Crude Oil Braces For Further Swings

 | Aug 18, 2014 04:17AM ET

Crude Oil is edging lower in Asian trading, erasing some of Friday’s dramatic gains. The commodity has demonstrated a hyper-sensitivity to news flow related to geopolitical turmoil, which may leave it in store for further volatility over the week ahead. Meanwhile, Gold and Silver are in a precarious position as the latest flare-up in regional tensions has proven insufficient to support the precious metals.

Geopolitical Developments Catalyze Commodity Volatility

Incoming news flow surrounding the ongoing conflicts in Eastern Europe and Iraq may see crude oil continue its wild price swings. The WTI benchmark soared on Friday to post its largest daily percentage gain in more than a month as newswires reported escalating tensions in Ukraine and the Middle East.

Speculation over crude supply disruptions from Russian and Iraqi holds the potential to spark fear-driven buying of WTI and Brent. Palladium has also likely benefited from concerns over supply from Russia (the world’s largest producer of the metal). The commodity has climbed to its highest level in more than 13 years after rallying for eight consecutive trading days.

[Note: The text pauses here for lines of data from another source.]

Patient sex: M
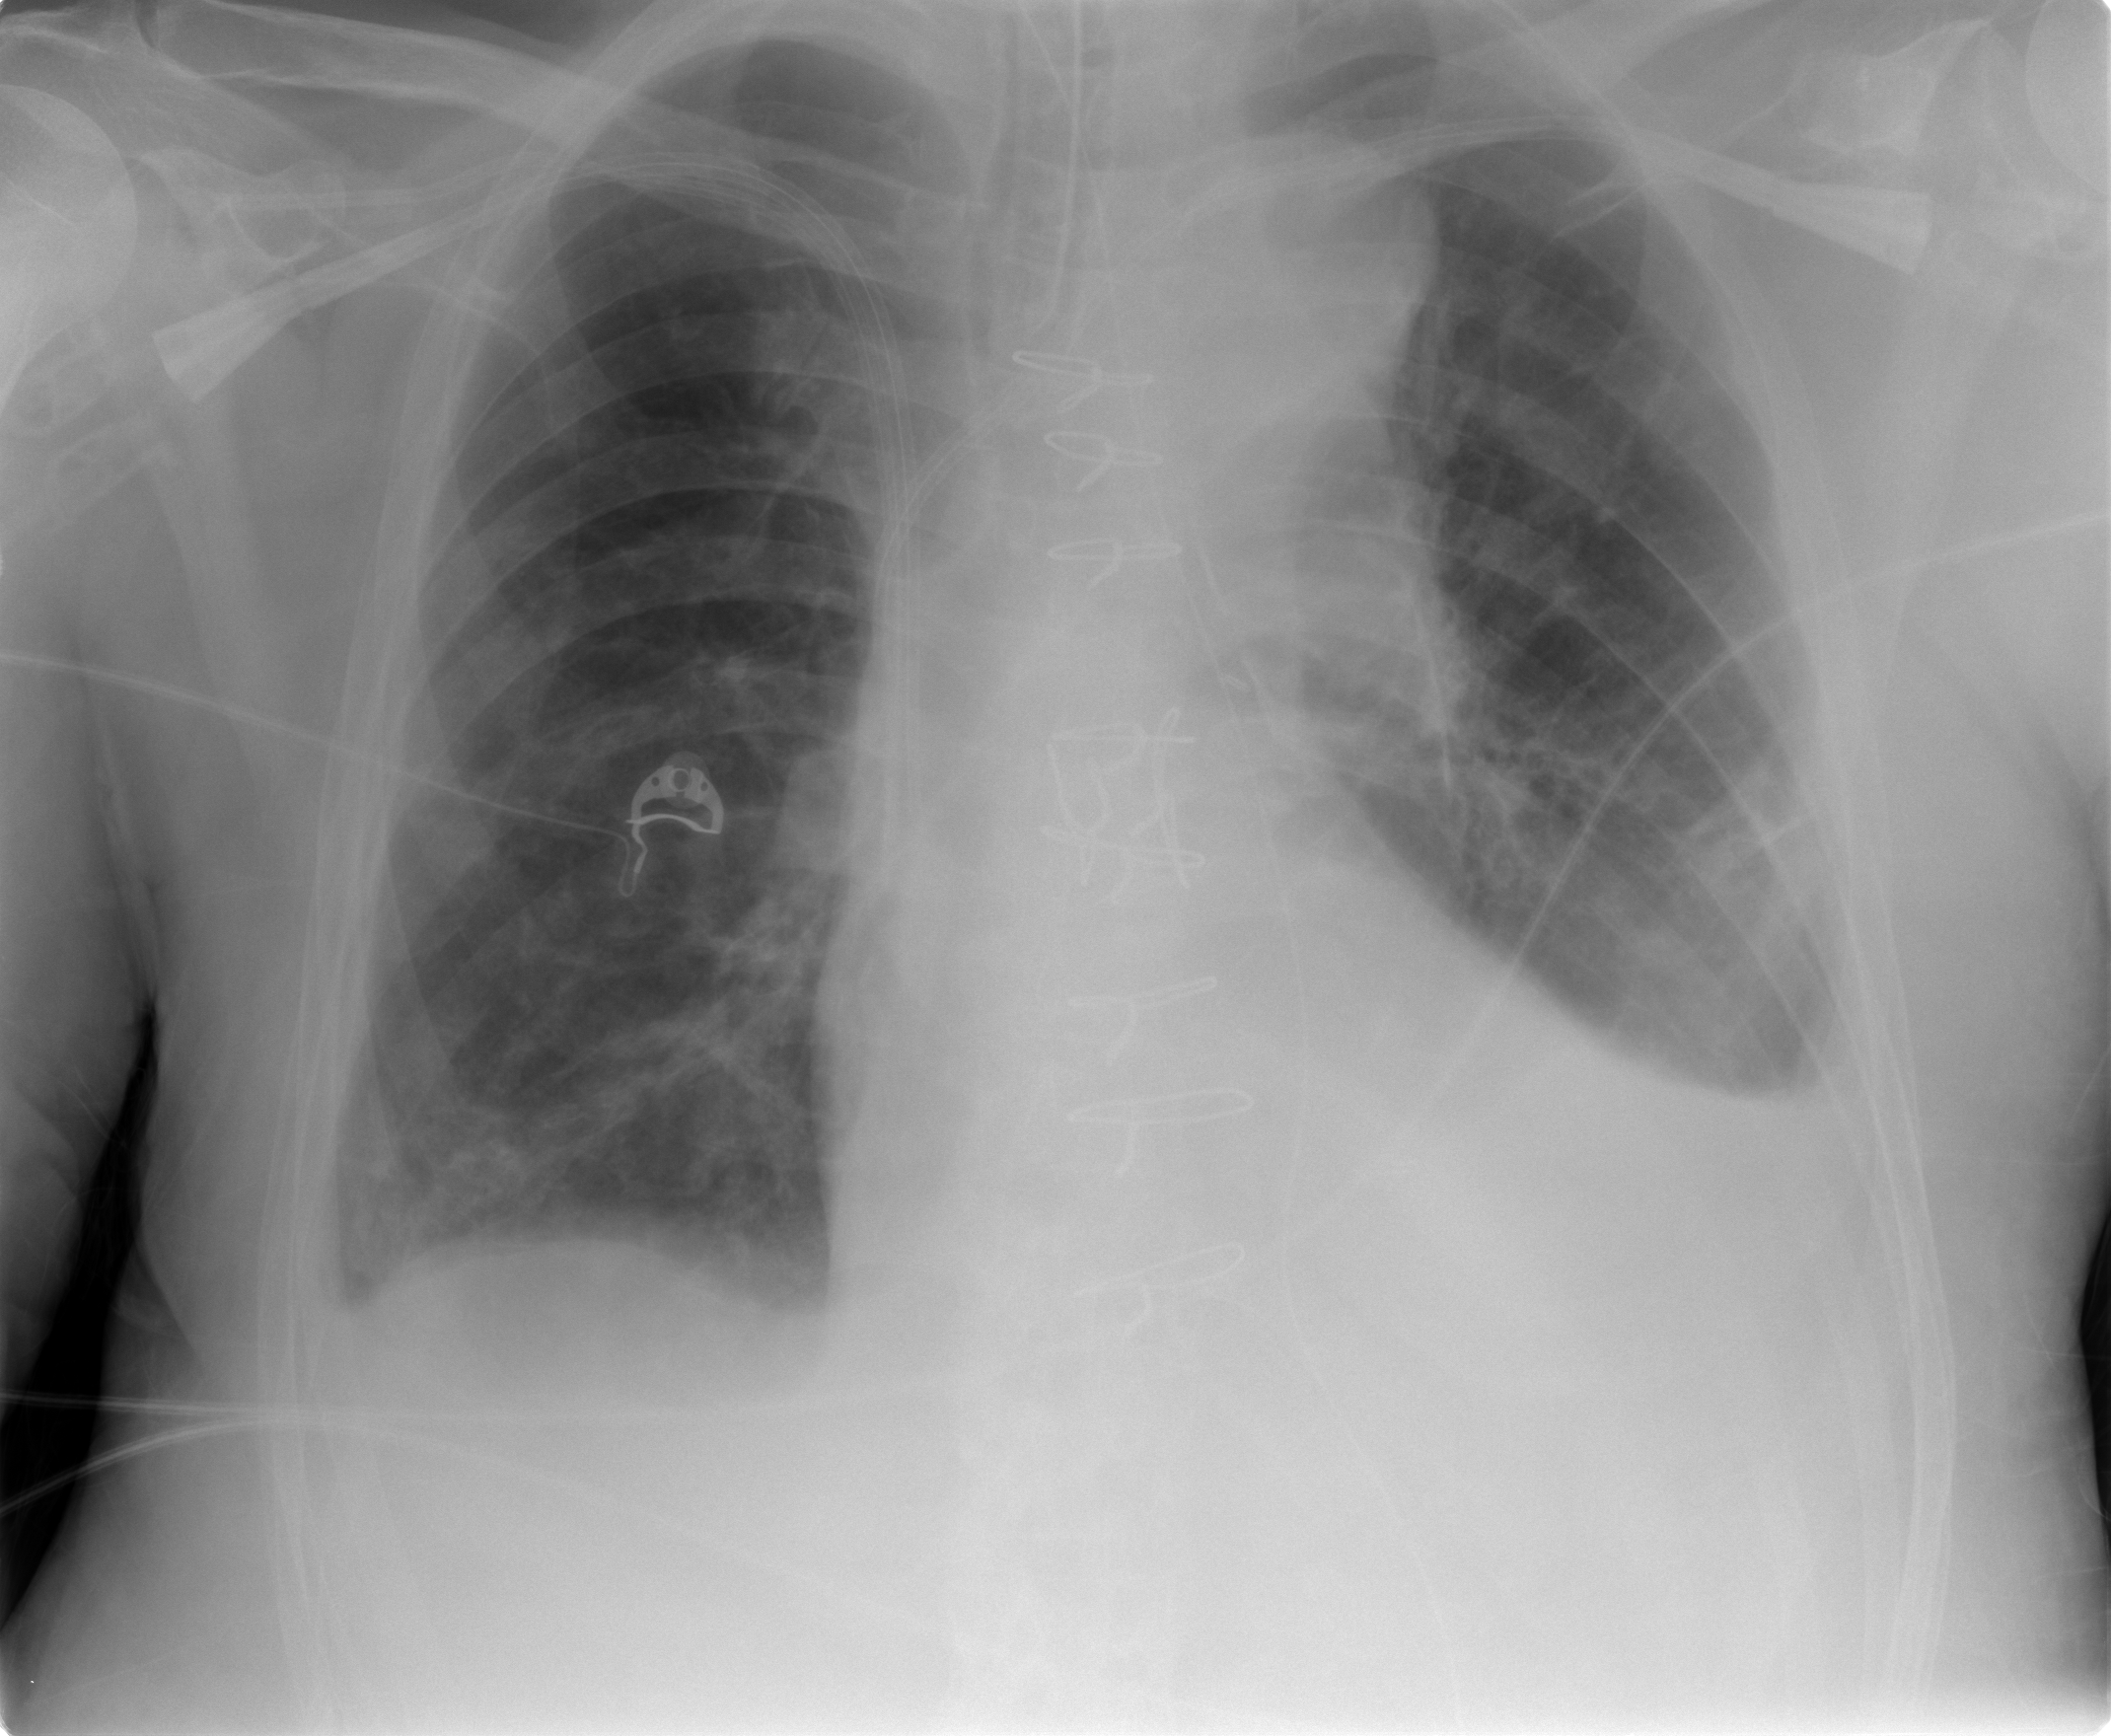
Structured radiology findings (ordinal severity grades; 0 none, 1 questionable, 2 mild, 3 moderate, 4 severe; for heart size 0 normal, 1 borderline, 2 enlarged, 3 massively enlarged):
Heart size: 0
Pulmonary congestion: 0
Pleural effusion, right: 2
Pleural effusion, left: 3
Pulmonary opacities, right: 2
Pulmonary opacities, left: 2
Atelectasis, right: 2
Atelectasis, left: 2

However, looking past the headlines production impediments related to the ongoing sagas have proven minimal at this stage (if not non-existent). This suggests that any related risk-premium built into prices could quickly evaporate, leaving the commodity vulnerable to declines.

Haven Demand Deteriorates

The latest geopolitical flare-ups have proven insufficient to bolster safe-haven demand for gold and silver. The yellow metal has continued its descent during the Asian session today, extending Friday’s decline of 0.67 percent.

Ongoing uncertainty surrounding Eastern Europe could slow the precious metals fall. However, without a material escalation it remains to be seen what could cause investors to return to gold and sustain a recovery for the precious metal.

CRUDE OIL TECHNICAL ANALYSIS

Downside risks remain for crude with the recent recovery being viewed as a corrective bounce at this stage, rather than the beginning of a reversal. A sustained downtrend alongside negative momentum (signaled by the ROC) suggests the potential for further weakness over the coming weeks. A daily close above the descending trendline and 98.90 barrier would be required to signal a shift in sentiment to the upside and to mark a small base.